I had noticed a USB CD drive sitting at a client’s office, so I took the ThinkPad and my Vista CD there. Booting from the CD gave me a nice Windowsy GUI repair thing that even recognized my NTFS volume as a Windows partition. A couple of clicks later, I had reached the “repair startup process” option in the installer, and was cheerfully told that Windows could find nothing wrong with my startup process. I cursed and resorted to messing with the command line tools detailed in KB927392 a bit, all the while shaking my head at the idea of replacing the venerable boot.ini with a 32k binary blob in, of all things, registry hive format. It took me a while to figure out that when bootrec /scanos or bootrec /rebuildbcd find 0 operating systems, this is actually a good thing because they only count those which are not already registered in the BCD (a fact that is documented for /scanos, but not for /rebuildbcd, AFAICT). After I had convinced myself that my BCD was in order, I still couldn’t boot, though.

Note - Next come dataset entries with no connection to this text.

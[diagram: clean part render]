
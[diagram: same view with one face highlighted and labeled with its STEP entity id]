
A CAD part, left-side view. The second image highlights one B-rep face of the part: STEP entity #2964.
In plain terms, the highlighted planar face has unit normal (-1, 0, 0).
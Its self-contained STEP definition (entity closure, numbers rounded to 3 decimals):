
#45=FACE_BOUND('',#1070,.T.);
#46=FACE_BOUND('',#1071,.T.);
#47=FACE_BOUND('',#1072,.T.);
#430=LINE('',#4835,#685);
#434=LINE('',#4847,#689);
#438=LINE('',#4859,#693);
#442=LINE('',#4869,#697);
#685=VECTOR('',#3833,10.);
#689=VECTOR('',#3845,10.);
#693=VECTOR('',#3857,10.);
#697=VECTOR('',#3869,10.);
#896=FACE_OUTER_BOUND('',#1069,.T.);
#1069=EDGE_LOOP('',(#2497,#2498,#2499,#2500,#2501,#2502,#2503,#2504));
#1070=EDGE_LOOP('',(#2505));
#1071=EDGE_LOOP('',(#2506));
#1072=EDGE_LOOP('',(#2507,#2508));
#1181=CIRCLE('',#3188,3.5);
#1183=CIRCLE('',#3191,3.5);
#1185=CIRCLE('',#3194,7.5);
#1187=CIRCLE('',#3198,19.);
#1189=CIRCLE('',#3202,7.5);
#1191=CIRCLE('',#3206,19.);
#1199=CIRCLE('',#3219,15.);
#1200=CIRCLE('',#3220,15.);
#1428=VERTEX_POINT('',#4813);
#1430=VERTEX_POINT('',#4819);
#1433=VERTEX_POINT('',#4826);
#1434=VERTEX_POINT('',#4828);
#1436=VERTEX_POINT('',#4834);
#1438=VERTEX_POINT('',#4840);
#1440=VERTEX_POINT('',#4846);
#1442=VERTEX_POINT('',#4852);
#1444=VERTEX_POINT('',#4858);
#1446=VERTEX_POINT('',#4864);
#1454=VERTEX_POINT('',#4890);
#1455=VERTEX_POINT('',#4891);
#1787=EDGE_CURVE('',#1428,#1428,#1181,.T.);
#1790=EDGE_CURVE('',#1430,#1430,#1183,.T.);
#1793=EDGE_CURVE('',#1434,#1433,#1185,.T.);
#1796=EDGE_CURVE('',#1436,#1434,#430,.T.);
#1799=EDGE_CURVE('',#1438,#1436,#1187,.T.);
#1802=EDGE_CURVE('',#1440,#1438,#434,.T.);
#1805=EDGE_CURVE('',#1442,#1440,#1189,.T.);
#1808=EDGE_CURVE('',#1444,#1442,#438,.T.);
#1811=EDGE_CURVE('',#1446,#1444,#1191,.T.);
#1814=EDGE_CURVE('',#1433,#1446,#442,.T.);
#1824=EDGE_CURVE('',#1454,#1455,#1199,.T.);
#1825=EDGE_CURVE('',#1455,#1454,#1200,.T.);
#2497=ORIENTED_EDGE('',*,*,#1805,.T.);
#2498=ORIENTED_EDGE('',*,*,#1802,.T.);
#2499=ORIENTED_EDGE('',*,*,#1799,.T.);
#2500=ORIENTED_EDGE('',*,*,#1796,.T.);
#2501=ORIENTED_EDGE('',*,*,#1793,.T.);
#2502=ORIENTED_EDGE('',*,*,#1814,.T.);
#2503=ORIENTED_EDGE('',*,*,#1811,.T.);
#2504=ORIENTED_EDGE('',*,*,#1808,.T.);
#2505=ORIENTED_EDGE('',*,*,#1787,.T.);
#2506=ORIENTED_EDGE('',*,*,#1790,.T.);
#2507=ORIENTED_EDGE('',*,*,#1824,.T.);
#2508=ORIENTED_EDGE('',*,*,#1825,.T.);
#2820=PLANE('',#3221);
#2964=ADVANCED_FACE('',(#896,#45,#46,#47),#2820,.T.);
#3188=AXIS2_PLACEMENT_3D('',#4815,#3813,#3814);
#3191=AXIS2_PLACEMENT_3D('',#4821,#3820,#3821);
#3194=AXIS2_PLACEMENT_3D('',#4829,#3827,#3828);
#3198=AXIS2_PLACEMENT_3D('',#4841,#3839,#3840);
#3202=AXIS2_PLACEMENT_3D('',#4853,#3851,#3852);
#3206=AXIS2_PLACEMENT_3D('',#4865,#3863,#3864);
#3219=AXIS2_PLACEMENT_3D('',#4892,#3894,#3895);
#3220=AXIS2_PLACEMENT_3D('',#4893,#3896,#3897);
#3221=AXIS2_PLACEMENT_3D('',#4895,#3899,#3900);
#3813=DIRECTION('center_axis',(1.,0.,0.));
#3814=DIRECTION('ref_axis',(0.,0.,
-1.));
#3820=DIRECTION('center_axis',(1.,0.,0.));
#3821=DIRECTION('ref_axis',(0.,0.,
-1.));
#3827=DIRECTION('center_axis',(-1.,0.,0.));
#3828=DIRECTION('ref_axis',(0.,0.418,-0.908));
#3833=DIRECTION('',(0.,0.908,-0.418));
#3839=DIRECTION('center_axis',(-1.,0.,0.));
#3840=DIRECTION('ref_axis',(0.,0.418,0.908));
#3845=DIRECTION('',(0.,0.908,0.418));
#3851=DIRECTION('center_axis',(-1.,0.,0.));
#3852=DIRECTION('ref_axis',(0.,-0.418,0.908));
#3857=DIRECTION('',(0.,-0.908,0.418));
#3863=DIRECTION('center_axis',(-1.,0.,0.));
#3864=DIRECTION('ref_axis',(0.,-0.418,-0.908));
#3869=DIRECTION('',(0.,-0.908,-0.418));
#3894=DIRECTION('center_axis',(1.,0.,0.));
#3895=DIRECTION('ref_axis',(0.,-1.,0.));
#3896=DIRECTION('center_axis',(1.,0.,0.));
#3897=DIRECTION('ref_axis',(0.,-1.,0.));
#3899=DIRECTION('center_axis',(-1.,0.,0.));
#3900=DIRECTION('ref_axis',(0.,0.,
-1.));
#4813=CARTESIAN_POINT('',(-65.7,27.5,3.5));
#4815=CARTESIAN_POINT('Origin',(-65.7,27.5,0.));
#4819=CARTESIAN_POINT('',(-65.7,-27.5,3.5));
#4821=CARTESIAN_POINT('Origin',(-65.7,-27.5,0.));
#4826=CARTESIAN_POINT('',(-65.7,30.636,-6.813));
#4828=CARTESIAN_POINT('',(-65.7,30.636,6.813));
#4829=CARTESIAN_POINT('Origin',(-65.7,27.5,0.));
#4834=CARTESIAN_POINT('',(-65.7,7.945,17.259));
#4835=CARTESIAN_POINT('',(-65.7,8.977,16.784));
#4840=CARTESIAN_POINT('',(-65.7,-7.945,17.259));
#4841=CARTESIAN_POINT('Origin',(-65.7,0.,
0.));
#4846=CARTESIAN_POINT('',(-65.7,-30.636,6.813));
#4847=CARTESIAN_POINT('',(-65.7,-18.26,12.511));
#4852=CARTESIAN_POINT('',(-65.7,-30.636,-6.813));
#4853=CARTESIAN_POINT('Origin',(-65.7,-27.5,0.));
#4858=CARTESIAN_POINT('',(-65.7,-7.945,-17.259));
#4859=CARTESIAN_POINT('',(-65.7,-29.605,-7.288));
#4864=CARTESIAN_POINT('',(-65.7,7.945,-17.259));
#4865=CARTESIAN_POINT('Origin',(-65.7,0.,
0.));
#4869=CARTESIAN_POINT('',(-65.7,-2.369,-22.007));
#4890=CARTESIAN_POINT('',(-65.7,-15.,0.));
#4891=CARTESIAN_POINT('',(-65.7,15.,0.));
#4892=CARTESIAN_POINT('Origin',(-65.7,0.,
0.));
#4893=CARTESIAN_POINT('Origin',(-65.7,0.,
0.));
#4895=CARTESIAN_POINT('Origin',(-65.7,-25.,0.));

I exhausted the options of bcedit and bootrec, I did a chkdsk /r, but the result was either just a blinking cursor when trying to chainload Windows from grub, or “A disk read error has occurred. Press Ctrl+Alt+Del to reboot.” when trying to boot the Microsoft-supplied MBR. More research was in order. I found the “disk read error” message in the boot sector, so I figured it wasn’t the MBR’s fault (this saved me a lot of time because every time I tried bootrec /fixmbr, I had to restore grub afterwards to get back into my Linux for further research). Via the ntfsreloc page, I found the link to an amazing resource – An Examination of the NTFS Boot Record, where someone has gone through the trouble of documenting every byte of the NTFS boot sector, including a disassembly of the boot code with lovingly detailed comment! Reading it made me wonder why one would want to put all this stuff into a boot sector – number of heads of the hard disk, sector offset of the volume from the start of disk? Stupid. Decoding my BPB, I found out that the number of heads of the hard drive was wrong (00F0 instead of the actually-faked-by-BIOS 00FF), and that the sector offset of the partition was set to some fantasy number (A41000 instead of 1DCDA5). I fixed that using LDE and was “rewarded” with a booting Vista.

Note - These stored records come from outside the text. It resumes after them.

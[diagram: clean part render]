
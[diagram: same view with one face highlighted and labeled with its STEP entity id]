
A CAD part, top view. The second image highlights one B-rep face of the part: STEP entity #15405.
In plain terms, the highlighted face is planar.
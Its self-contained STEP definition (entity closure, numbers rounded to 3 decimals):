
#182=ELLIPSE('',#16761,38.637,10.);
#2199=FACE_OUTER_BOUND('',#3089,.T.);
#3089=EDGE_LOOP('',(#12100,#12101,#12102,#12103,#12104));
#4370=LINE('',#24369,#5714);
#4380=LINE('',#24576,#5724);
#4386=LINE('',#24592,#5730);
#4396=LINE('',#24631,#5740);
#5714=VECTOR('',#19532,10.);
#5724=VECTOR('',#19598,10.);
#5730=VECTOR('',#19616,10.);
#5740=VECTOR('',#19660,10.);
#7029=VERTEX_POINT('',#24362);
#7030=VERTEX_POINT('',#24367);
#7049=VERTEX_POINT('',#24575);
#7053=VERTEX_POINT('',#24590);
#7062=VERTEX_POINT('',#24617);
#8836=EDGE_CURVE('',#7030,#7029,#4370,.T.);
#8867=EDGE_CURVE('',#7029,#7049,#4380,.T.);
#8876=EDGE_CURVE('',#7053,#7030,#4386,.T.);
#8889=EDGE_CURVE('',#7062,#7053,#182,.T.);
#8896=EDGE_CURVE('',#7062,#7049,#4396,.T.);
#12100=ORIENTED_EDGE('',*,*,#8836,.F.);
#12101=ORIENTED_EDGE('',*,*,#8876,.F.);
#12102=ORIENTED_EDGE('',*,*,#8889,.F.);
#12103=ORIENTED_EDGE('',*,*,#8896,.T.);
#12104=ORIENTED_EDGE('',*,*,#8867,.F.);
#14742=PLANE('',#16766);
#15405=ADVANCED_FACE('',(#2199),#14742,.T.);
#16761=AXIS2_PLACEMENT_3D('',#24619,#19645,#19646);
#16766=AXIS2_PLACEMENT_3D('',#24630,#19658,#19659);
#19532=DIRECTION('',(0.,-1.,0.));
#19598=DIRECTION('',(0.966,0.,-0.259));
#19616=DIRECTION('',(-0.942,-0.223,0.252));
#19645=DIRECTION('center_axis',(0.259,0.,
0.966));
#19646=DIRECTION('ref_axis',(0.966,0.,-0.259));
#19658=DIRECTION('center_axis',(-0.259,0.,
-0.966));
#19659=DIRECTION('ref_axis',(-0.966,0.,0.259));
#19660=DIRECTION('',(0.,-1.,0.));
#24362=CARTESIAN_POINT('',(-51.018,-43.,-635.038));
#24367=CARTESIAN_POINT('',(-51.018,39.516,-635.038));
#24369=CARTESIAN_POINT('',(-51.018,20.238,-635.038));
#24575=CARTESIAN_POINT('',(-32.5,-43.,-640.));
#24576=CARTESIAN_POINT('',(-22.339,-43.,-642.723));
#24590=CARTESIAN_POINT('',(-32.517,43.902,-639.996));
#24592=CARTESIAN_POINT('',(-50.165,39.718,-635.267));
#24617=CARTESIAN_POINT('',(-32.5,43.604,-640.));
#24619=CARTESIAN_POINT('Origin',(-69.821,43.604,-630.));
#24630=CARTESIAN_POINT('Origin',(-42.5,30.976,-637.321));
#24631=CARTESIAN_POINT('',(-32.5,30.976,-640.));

On review, it turns out that the problem is not that bootrec /fixboot doesn’t KNOW about these strange values in the boot sector, it just seems to write wrong values there (confirmed by breaking the working boot sector with /fixboot). Armed with the knowledge of what ntfsreloc was supposed to do, I was also able to figure out why it had broken my file system before:

struct ntfs_geometry {
	unsigned short sectors;
	unsigned short heads;
	unsigned long start;
};
[...]
	const int geomsize = sizeof(struct ntfs_geometry);
[...]
	if (read(device, &fs_geom, geomsize) != geomsize) {

Apparently, I was the first idiot to try this code on an AMD64 system… Now excuse me as I wander off to savour the rich irony contained in the fact that the latest stage in Windows evolution has finally succeeded in sending me back to the kind of byte-editing drudgery that I first learned in DEBUG.EXE, a long, long time ago.